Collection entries
Start of Block

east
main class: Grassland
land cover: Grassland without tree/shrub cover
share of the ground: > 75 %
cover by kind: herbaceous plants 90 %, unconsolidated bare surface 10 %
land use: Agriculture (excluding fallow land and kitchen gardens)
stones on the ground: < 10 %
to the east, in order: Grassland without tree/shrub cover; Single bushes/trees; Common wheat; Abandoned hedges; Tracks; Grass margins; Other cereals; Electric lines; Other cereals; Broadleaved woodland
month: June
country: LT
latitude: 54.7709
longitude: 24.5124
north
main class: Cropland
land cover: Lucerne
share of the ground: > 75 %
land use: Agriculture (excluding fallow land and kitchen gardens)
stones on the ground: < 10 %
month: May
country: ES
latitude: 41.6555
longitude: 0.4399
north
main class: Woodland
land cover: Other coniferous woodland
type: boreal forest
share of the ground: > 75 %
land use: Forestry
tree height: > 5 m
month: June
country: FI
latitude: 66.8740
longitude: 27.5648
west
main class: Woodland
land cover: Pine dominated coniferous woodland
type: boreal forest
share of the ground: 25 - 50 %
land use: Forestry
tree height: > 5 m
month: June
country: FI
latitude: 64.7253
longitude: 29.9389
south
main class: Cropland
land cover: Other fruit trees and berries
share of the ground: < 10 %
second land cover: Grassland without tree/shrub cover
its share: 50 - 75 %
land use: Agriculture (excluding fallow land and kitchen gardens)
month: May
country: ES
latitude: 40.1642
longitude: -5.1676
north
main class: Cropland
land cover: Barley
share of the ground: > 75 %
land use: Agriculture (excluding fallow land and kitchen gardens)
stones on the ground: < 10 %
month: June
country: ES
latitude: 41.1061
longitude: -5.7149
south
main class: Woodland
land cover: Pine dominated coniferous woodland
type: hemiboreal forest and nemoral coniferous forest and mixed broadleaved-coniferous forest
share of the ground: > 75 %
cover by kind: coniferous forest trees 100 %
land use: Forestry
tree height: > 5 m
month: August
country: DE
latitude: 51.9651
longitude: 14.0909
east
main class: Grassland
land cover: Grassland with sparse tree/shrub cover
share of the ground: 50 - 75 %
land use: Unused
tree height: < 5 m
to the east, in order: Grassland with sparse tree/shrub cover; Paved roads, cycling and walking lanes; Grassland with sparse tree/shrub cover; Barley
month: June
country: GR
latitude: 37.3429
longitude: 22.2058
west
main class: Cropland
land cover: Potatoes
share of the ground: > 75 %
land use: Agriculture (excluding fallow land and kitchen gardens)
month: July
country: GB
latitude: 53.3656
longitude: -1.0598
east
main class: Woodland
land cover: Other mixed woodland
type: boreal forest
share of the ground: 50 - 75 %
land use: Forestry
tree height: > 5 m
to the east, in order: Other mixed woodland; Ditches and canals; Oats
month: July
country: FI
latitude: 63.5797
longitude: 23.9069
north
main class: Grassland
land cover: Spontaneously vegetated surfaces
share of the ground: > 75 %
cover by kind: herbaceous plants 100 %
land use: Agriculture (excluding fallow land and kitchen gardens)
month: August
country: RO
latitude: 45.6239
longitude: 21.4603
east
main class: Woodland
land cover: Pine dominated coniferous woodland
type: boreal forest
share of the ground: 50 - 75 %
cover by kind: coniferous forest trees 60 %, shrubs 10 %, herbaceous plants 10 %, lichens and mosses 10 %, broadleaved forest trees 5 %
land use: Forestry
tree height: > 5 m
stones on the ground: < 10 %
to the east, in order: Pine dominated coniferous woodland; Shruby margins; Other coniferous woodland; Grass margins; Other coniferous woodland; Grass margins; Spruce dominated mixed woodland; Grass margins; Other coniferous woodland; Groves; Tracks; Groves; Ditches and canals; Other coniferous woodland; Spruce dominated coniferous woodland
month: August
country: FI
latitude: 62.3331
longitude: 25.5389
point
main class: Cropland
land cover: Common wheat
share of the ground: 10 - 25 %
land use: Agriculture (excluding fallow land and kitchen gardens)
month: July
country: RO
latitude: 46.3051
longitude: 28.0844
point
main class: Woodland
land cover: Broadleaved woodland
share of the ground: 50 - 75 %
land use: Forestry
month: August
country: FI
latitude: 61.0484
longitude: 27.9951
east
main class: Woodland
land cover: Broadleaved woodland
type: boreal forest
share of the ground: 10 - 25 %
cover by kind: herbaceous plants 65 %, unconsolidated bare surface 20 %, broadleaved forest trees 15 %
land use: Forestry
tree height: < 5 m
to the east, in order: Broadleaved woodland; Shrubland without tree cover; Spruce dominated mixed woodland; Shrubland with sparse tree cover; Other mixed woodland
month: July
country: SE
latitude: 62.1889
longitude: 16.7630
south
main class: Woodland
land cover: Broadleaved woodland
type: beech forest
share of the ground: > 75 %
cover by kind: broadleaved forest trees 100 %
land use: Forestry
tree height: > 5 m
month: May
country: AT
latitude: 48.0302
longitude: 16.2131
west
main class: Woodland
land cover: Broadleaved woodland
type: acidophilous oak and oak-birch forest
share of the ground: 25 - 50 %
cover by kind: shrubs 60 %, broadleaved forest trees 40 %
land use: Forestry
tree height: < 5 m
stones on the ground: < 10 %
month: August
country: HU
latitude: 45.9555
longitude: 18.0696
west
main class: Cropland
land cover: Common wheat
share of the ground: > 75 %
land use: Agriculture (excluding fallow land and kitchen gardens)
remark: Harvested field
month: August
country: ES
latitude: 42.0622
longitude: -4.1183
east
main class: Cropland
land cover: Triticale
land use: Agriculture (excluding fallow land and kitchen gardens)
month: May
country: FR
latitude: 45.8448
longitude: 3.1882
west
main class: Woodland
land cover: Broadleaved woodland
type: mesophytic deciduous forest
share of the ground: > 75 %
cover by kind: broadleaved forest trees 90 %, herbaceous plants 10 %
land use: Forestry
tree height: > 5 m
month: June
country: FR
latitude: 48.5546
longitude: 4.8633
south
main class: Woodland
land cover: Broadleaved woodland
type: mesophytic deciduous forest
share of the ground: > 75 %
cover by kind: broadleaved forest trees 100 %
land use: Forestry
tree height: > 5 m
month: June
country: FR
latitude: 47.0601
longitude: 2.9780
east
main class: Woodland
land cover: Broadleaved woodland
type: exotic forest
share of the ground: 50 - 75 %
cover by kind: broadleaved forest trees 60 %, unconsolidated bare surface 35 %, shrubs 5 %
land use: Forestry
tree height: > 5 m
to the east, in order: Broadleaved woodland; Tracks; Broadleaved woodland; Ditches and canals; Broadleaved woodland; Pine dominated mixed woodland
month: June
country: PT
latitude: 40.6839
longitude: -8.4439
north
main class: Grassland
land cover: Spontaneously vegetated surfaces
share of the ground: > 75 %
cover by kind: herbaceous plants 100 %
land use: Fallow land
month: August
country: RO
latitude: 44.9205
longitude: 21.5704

End of Block

§ **YOUR ASSIGNMENT**
Using the records above, filter out every line that lacks the string "bare" and copy the rest.

§ **WRITTEN ANSWER**
cover by kind: herbaceous plants 90 %, unconsolidated bare surface 10 %
cover by kind: herbaceous plants 65 %, unconsolidated bare surface 20 %, broadleaved forest trees 15 %
cover by kind: broadleaved forest trees 60 %, unconsolidated bare surface 35 %, shrubs 5 %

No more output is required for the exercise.